=== How to complete this task ===
Could you output the listing that follows exactly, without its images?

=== Extracted material ===
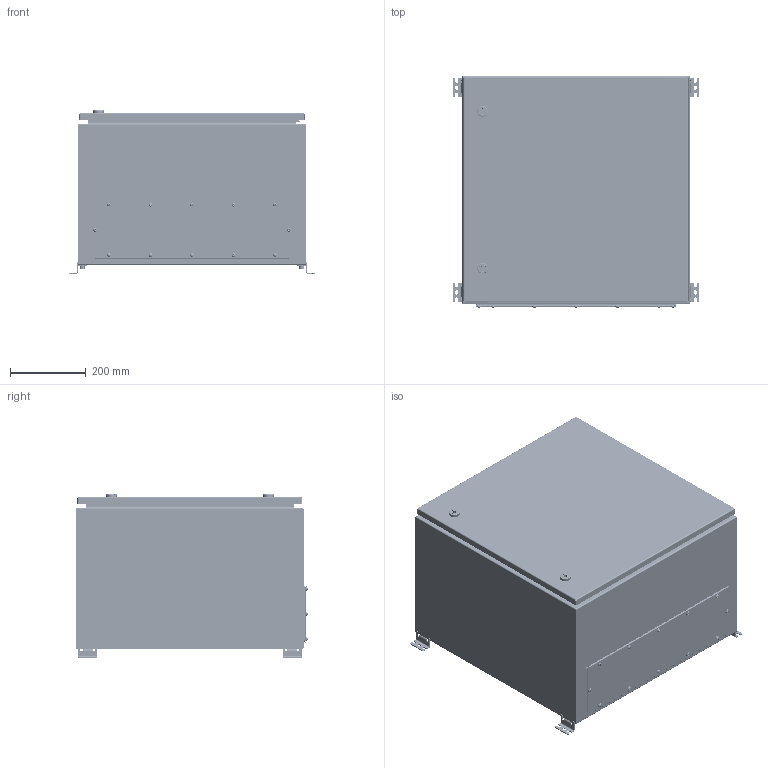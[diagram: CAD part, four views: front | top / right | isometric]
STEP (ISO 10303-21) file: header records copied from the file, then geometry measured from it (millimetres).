
FILE_DESCRIPTION (( 'STEP AP214' ), '1' );
FILE_NAME ('21.060.060.40.STEP', '2025-02-06T05:09:14', ( '' ), ( '' ), 'SwSTEP 2.0', 'SolidWorks 2021', '' );
FILE_SCHEMA (( 'AUTOMOTIVE_DESIGN' ));
Length unit declared in the file: millimetre
Products named in the file (37): 墊片_1; Øïèëüêà ïðèâàðíàÿ Ì6õ16; ﾇ瑟鶴 MS-705-3D; 扻豵鵨 W600H600D400; 鎖芯_1; 署赅 W530D150; Äâåðíîå ïîëîòíî W600H600; 剒蜲錪_30403583_MESAN; Äâåðíîé ïðîôèëü ÌÊ 20 Í600; Ïðàâàÿ ñòåíêà H600D400; 昑 W600H600; 21.060.060.40; 鐵墊圈_1; Çàêëåïêà ðåçüáîâàÿ Ì8 øåñòèãðàííàÿ ñ óìåíüøåííûì áîðòîì; Ãàéêà M6 DIN6923.step; Çàêëåïêà ðåçüáîâàÿ Ì5 øåñòèãðàííàÿ ñ óìåíüøåííûì áîðòîì; Ãàñêåòèíã äâåðè W600H600; Ïðîêëàäêà êðûøêè ÄÌ W530D150; 嵑謺麃; 小頭螺絲_1; 主體_1; Øïèëüêà ïðèâàðíàÿ Ì6õ25; Ïðîôèëü äâåðíîé H600; Ïåòëÿ ùèòîâàÿ ïðèâàðíàÿ; Áîëò Ì6õ10 ñ øåñòèãðàííîé ãîëîâêîé ñ ïðåññøàéáîé; Ãàéêà Ì6 äëÿ øïèëüêè; Äâåðü W600H600; Âòóëêà øàðíèðà; 昢膼碴鍣 膰豵鵨 W600H600D400; Âèíò DIN 967 Ì5õ16 ñ ïîëóêðóãëîé ãîëîâêîé ñ êðåñòîîáðàçíûì øëèöåì; 螺母_1; 嵑謺麃 瀁蠉澼鍣 094; 471.100 Íàñòåííîå êðåïëåíèå; 妈眚 DIN 912-󋔊0-Zn; Ïåðô. ïðîôèëü äëÿ äíà è ñòåíêè D400; Ëåâàÿ ñòåíêà H600D400; Ðåçèíêà øàðíèðà
Assembly tree (103 placements, depth 4):
  21.060.060.40
    昢膼碴鍣 膰豵鵨 W600H600D400
      扻豵鵨 W600H600D400
      Ïðàâàÿ ñòåíêà H600D400
      Ëåâàÿ ñòåíêà H600D400
      Øïèëüêà ïðèâàðíàÿ Ì6õ16  x8
      Øïèëüêà ïðèâàðíàÿ Ì6õ25  x4
      Çàêëåïêà ðåçüáîâàÿ Ì8 øåñòèãðàííàÿ ñ óìåíüøåííûì áîðòîì  x4
      Çàêëåïêà ðåçüáîâàÿ Ì5 øåñòèãðàííàÿ ñ óìåíüøåííûì áîðòîì  x12
    Äâåðü W600H600
      Äâåðíîå ïîëîòíî W600H600
      Ãàñêåòèíã äâåðè W600H600
      Ïðîôèëü äâåðíîé H600  x2
      Øïèëüêà ïðèâàðíàÿ Ì6õ16  x2
      Ïåòëÿ ùèòîâàÿ ïðèâàðíàÿ  x2
      ﾇ瑟鶴 MS-705-3D  x2
        主體_1
        鎖芯_1
        墊片_1
        螺母_1
        鐵墊圈_1
        小頭螺絲_1
        剒蜲錪_30403583_MESAN
    昑 W600H600
    署赅 W530D150
    Âèíò DIN 967 Ì5õ16 ñ ïîëóêðóãëîé ãîëîâêîé ñ êðåñòîîáðàçíûì øëèöåì  x12
    Ïðîêëàäêà êðûøêè ÄÌ W530D150
    嵑謺麃 瀁蠉澼鍣 094  x2
      嵑謺麃
      Âòóëêà øàðíèðà
      Ðåçèíêà øàðíèðà
    Áîëò Ì6õ10 ñ øåñòèãðàííîé ãîëîâêîé ñ ïðåññøàéáîé  x4
    471.100 Íàñòåííîå êðåïëåíèå  x4
    妈眚 DIN 912-󋔊0-Zn  x4
    Ãàéêà M6 DIN6923.step  x4
    Ïåðô. ïðîôèëü äëÿ äíà è ñòåíêè D400  x4
    Äâåðíîé ïðîôèëü ÌÊ 20 Í600  x4
    Ãàéêà Ì6 äëÿ øïèëüêè  x8
Bounding box: 652 x 611.05 x 431.4 mm (x, y, z)
Volume: 3800939.3 mm3; surface area: 4921155.9 mm2
Topology: 108 solids, 108 shells, 5197 faces, 13290 edges, 8375 vertices
Faces by surface type: cylinder 2148, plane 2019, bspline 500, cone 326, torus 160, sphere 44
Entity records: 79294 total; most frequent: CARTESIAN_POINT 29323, ORIENTED_EDGE 9510, DIRECTION 8231, EDGE_CURVE 4755, VERTEX_POINT 3012, AXIS2_PLACEMENT_3D 2904, VECTOR 2423, LINE 2423

=== Finished exercise ===
[diagram: CAD part, four views: front | top / right | isometric]
STEP (ISO 10303-21) file: header records copied from the file, then geometry measured from it (millimetres).
FILE_DESCRIPTION (( 'STEP AP214' ), '1' );
FILE_NAME ('21.060.060.40.STEP', '2025-02-06T05:09:14', ( '' ), ( '' ), 'SwSTEP 2.0', 'SolidWorks 2021', '' );
FILE_SCHEMA (( 'AUTOMOTIVE_DESIGN' ));
Length unit declared in the file: millimetre
Products named in the file (37): 墊片_1; Øïèëüêà ïðèâàðíàÿ Ì6õ16; ﾇ瑟鶴 MS-705-3D; 扻豵鵨 W600H600D400; 鎖芯_1; 署赅 W530D150; Äâåðíîå ïîëîòíî W600H600; 剒蜲錪_30403583_MESAN; Äâåðíîé ïðîôèëü ÌÊ 20 Í600; Ïðàâàÿ ñòåíêà H600D400; 昑 W600H600; 21.060.060.40; 鐵墊圈_1; Çàêëåïêà ðåçüáîâàÿ Ì8 øåñòèãðàííàÿ ñ óìåíüøåííûì áîðòîì; Ãàéêà M6 DIN6923.step; Çàêëåïêà ðåçüáîâàÿ Ì5 øåñòèãðàííàÿ ñ óìåíüøåííûì áîðòîì; Ãàñêåòèíã äâåðè W600H600; Ïðîêëàäêà êðûøêè ÄÌ W530D150; 嵑謺麃; 小頭螺絲_1; 主體_1; Øïèëüêà ïðèâàðíàÿ Ì6õ25; Ïðîôèëü äâåðíîé H600; Ïåòëÿ ùèòîâàÿ ïðèâàðíàÿ; Áîëò Ì6õ10 ñ øåñòèãðàííîé ãîëîâêîé ñ ïðåññøàéáîé; Ãàéêà Ì6 äëÿ øïèëüêè; Äâåðü W600H600; Âòóëêà øàðíèðà; 昢膼碴鍣 膰豵鵨 W600H600D400; Âèíò DIN 967 Ì5õ16 ñ ïîëóêðóãëîé ãîëîâêîé ñ êðåñòîîáðàçíûì øëèöåì; 螺母_1; 嵑謺麃 瀁蠉澼鍣 094; 471.100 Íàñòåííîå êðåïëåíèå; 妈眚 DIN 912-󋔊0-Zn; Ïåðô. ïðîôèëü äëÿ äíà è ñòåíêè D400; Ëåâàÿ ñòåíêà H600D400; Ðåçèíêà øàðíèðà
Assembly tree (103 placements, depth 4):
  21.060.060.40
    昢膼碴鍣 膰豵鵨 W600H600D400
      扻豵鵨 W600H600D400
      Ïðàâàÿ ñòåíêà H600D400
      Ëåâàÿ ñòåíêà H600D400
      Øïèëüêà ïðèâàðíàÿ Ì6õ16  x8
      Øïèëüêà ïðèâàðíàÿ Ì6õ25  x4
      Çàêëåïêà ðåçüáîâàÿ Ì8 øåñòèãðàííàÿ ñ óìåíüøåííûì áîðòîì  x4
      Çàêëåïêà ðåçüáîâàÿ Ì5 øåñòèãðàííàÿ ñ óìåíüøåííûì áîðòîì  x12
    Äâåðü W600H600
      Äâåðíîå ïîëîòíî W600H600
      Ãàñêåòèíã äâåðè W600H600
      Ïðîôèëü äâåðíîé H600  x2
      Øïèëüêà ïðèâàðíàÿ Ì6õ16  x2
      Ïåòëÿ ùèòîâàÿ ïðèâàðíàÿ  x2
      ﾇ瑟鶴 MS-705-3D  x2
        主體_1
        鎖芯_1
        墊片_1
        螺母_1
        鐵墊圈_1
        小頭螺絲_1
        剒蜲錪_30403583_MESAN
    昑 W600H600
    署赅 W530D150
    Âèíò DIN 967 Ì5õ16 ñ ïîëóêðóãëîé ãîëîâêîé ñ êðåñòîîáðàçíûì øëèöåì  x12
    Ïðîêëàäêà êðûøêè ÄÌ W530D150
    嵑謺麃 瀁蠉澼鍣 094  x2
      嵑謺麃
      Âòóëêà øàðíèðà
      Ðåçèíêà øàðíèðà
    Áîëò Ì6õ10 ñ øåñòèãðàííîé ãîëîâêîé ñ ïðåññøàéáîé  x4
    471.100 Íàñòåííîå êðåïëåíèå  x4
    妈眚 DIN 912-󋔊0-Zn  x4
    Ãàéêà M6 DIN6923.step  x4
    Ïåðô. ïðîôèëü äëÿ äíà è ñòåíêè D400  x4
    Äâåðíîé ïðîôèëü ÌÊ 20 Í600  x4
    Ãàéêà Ì6 äëÿ øïèëüêè  x8
Bounding box: 652 x 611.05 x 431.4 mm (x, y, z)
Volume: 3800939.3 mm3; surface area: 4921155.9 mm2
Topology: 108 solids, 108 shells, 5197 faces, 13290 edges, 8375 vertices
Faces by surface type: cylinder 2148, plane 2019, bspline 500, cone 326, torus 160, sphere 44
Entity records: 79294 total; most frequent: CARTESIAN_POINT 29323, ORIENTED_EDGE 9510, DIRECTION 8231, EDGE_CURVE 4755, VERTEX_POINT 3012, AXIS2_PLACEMENT_3D 2904, VECTOR 2423, LINE 2423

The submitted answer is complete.